I dry hop for 3 days (72 hours) prior to kegging, and do 24 hours at fermentation temp (e.g. 18c), followed by 48 hours at cold crash temp (e.g. 2c). In addition to this, I rouse the hops through the beer using CO2 blasted into the bottom of the tank, every 2 or so hours during the initial 24 hour period. I have been getting way better extraction using this method (I have a hazy session ale on voss that is at least 3 months old and still smells better than some I have done previously after less than a month - too bad that beer had hop burn).


----------



## Klosey (28/4/21)

JimmyMcFiddlesticks said:


> Would this increase the potential for hop creep?


Hi Jimmy. I do a diacetyl rest in both lagers and ales. If the yeast has finished eating all the sugars the chances of hop creep are far lessened. Let’s see what happens with this one lol


----------



## BKBrews (28/4/21)

Klosey said:


> Hi Jimmy. I do a diacetyl rest in both lagers and ales. If the yeast has finished eating all the sugars the chances of hop creep are far lessened. Let’s see what happens with this one lol



This is true in a sense, but I think the issue with hop creep is that there is an enzyme that can break sugars down into fermentable sugars, which then kicks off fermentation again. So regardless of attenuation, hop creep can be an issue.


----------



## duncbrewer (28/4/21)

Diastase enzyme in hops breaks down the big sugars into smaller ones that the yeast can then feast on. A prime cause of bottle bombs or overcarbonation if the hop matter isn't all eliminated prior to packaging.


----------



## Klosey (29/4/21)

BKBrews said:


> This is true in a sense, but I think the issue with hop creep is that there is an enzyme that can break sugars down into fermentable sugars, which then kicks off fermentation again. So regardless of attenuation, hop creep can be an issue.
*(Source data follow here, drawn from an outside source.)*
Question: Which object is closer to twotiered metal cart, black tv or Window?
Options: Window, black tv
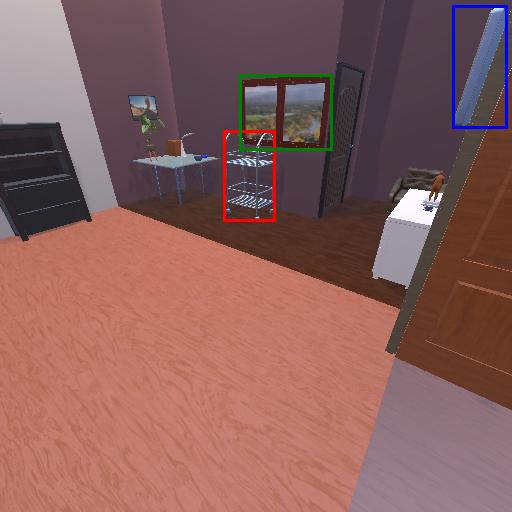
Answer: Window
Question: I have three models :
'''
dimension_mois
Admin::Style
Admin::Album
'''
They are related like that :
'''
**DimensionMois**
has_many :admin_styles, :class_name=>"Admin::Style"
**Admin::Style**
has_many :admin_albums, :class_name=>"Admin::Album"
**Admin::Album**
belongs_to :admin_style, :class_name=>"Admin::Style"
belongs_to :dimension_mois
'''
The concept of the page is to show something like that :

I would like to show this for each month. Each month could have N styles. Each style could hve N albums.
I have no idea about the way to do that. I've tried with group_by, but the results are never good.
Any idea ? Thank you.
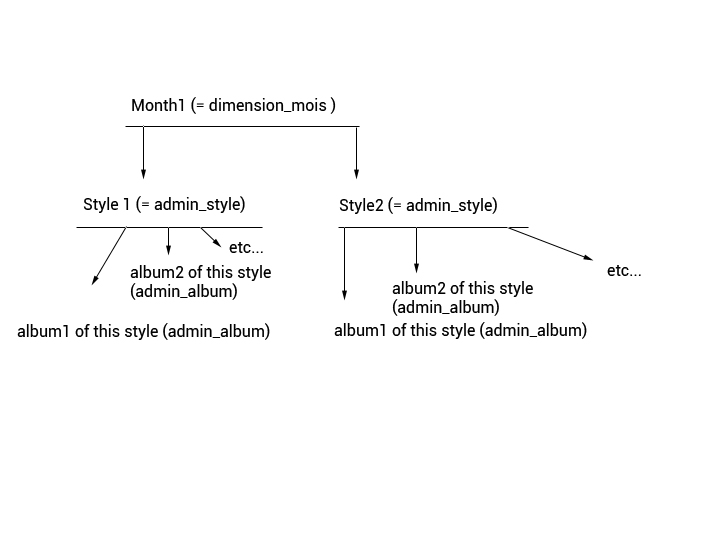
Answer: You might be overthinking the problem. I believe you just need to iterate over the objects and their associations, like so:
'''
@dimension_moises = DimensionMois.includes(:admin_styles => :admin_albums)
// Using Haml syntax
%ul
- @dimension_moises.each do |dimension_mois|
%li
= dimension_mois.name
%ul
- dimension_mois.admin_styles.each do |admin_style|
%li
= admin_style.name
%ul
- admin_style.admin_albums.each do |admin_album|
%li= admin_album.title
'''
That will give you a nested, hierarchical list of all the DimensionMois with the Admin::Styles and Admin::Albums for that object. You can use CSS, JS, whatever to style that list.
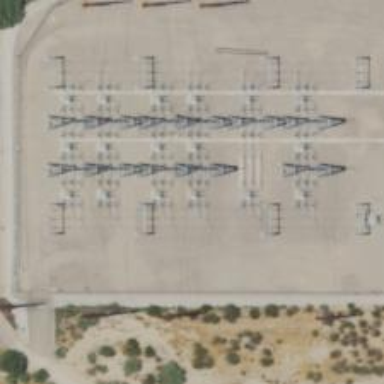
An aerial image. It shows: Switch used for power control.
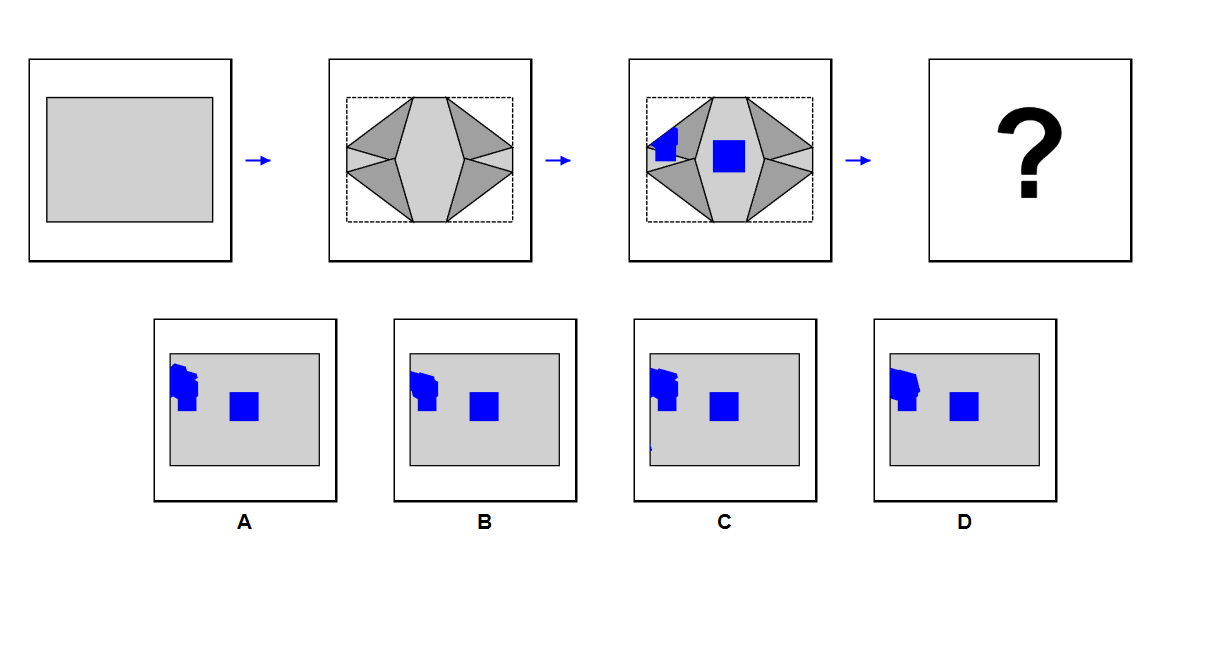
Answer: B
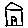
Label: house
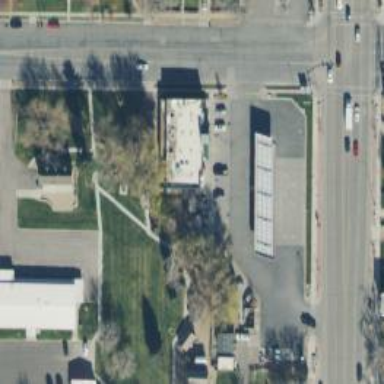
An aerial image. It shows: Convenience shop.
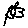
Label: flower
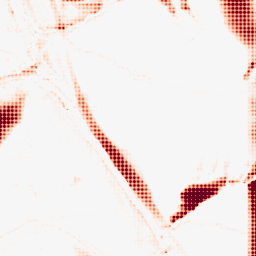
Category: morphological
Decomposition family: morphological_rect
Decomposition parameters: operation: opening
width: 50
height: 5
Upsampling method: sinc_blackman
Upsampling parameters: scale: 4
kernel_size: 4
Upsampling scale: 4
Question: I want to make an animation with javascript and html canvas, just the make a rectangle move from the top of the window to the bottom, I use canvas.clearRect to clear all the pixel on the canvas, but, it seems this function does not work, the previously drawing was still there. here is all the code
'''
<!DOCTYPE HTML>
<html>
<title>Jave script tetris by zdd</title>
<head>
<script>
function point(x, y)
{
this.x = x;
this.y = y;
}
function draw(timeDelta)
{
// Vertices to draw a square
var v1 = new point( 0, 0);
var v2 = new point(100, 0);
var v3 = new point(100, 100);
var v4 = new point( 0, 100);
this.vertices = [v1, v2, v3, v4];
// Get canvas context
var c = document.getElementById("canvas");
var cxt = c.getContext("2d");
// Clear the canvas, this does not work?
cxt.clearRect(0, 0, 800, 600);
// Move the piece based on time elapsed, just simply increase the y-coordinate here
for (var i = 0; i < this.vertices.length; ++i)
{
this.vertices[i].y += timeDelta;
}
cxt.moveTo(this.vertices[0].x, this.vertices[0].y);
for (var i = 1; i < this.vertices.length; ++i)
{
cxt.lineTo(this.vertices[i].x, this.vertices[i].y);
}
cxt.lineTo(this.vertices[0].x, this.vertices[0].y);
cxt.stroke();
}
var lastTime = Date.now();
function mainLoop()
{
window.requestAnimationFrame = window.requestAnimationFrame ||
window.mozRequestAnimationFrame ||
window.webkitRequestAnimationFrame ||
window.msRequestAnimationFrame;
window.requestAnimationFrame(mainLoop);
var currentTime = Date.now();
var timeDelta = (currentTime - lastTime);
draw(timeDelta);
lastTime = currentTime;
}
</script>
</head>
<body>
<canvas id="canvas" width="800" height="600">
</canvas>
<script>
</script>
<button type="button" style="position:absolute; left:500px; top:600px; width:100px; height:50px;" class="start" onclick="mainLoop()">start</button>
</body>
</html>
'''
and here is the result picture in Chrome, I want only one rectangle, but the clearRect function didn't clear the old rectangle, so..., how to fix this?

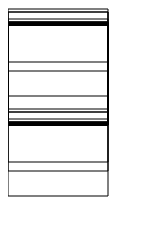
Answer: You are missing 'beginPath'. Without it each box is actually part of the last box.
'''
cxt.beginPath();
cxt.moveTo(this.vertices[0].x, this.vertices[0].y);
for (var i = 1; i < this.vertices.length; ++i) {
cxt.lineTo(this.vertices[i].x, this.vertices[i].y);
}
'''
after adding that, the box seems to jiggle around, not sure if thats your intention.
Here's a fiddle: <URL>
Good luck!

I agree BK. To lessen the chances of hop creep is that my research has shown that hop creep is temperature dependant and if the finished beer is stored cold it will significantly reduce the enzyme and fermentation activity. I keg so storing cold is not a problem. After kegging I store at around -1c in my fermenting fridge until transferring to my pouring fridge at around 3c. Longer dry hopping time and higher temperatures result in more sugars. I haven’t had hop creep before but maybe because of diacetyl rests and storing cold has lessened this problem. Have never dry hopped at 3 or 4c but will give it ago after I do a diacetyl rest and because it is only for two days it is not a very long dry hopping time.


----------



## duncbrewer (29/4/21)

I've just done a weldwerks fitbits NEIPA clone ( a bit of a challenge ) and that uses enzyme to make it brut and then it needs back sweetening with a non fermentable. Don't think I need to worry about hop creep on this one as theres nothing left to feed the yeast with.


----------



## fifis101 (29/4/21)

Klosey said:


> I agree BK. To lessen the chances of hop creep is that my research has shown that hop creep is temperature dependant and if the finished beer is stored cold it will significantly reduce the enzyme and fermentation activity. I keg so storing cold is not a problem. After kegging I store at around -1c in my fermenting fridge until transferring to my pouring fridge at around 3c. Longer dry hopping time and higher temperatures result in more sugars. I haven’t had hop creep before but maybe because of diacetyl rests and storing cold has lessened this problem. Have never dry hopped at 3 or 4c but will give it ago after I do a diacetyl rest and because it is only for two days it is not a very dry hopping time.


This is what I was led to believe also. Primary ferment, diacetyl rest, then if you cold crash the yeast is going to be unresponsive to the hop addition. My last brew I did a 2 day diacetyl rest while at the same time added my hops. The 2 day cold crash then kegged. It was a bit too bitter for me so I will give try adding the hops only during the cold crash next time.


----------



## hopnotic (29/4/21)

I read the same article mentioned by the OP. I have a DIPA in primary right now. I might split my dry hop half/half at high krauzen and during cold crash. Will report back.


----------



## Klosey (29/4/21)

fifis101 said:


> This is what I was led to believe also. Primary ferment, diacetyl rest, then if you cold crash the yeast is going to be unresponsive to the hop addition. My last brew I did a 2 day diacetyl rest while at the same time added my hops. The 2 day cold crash then kegged. It was a bit too bitter for me so I will give try adding the hops only during the cold crash next time.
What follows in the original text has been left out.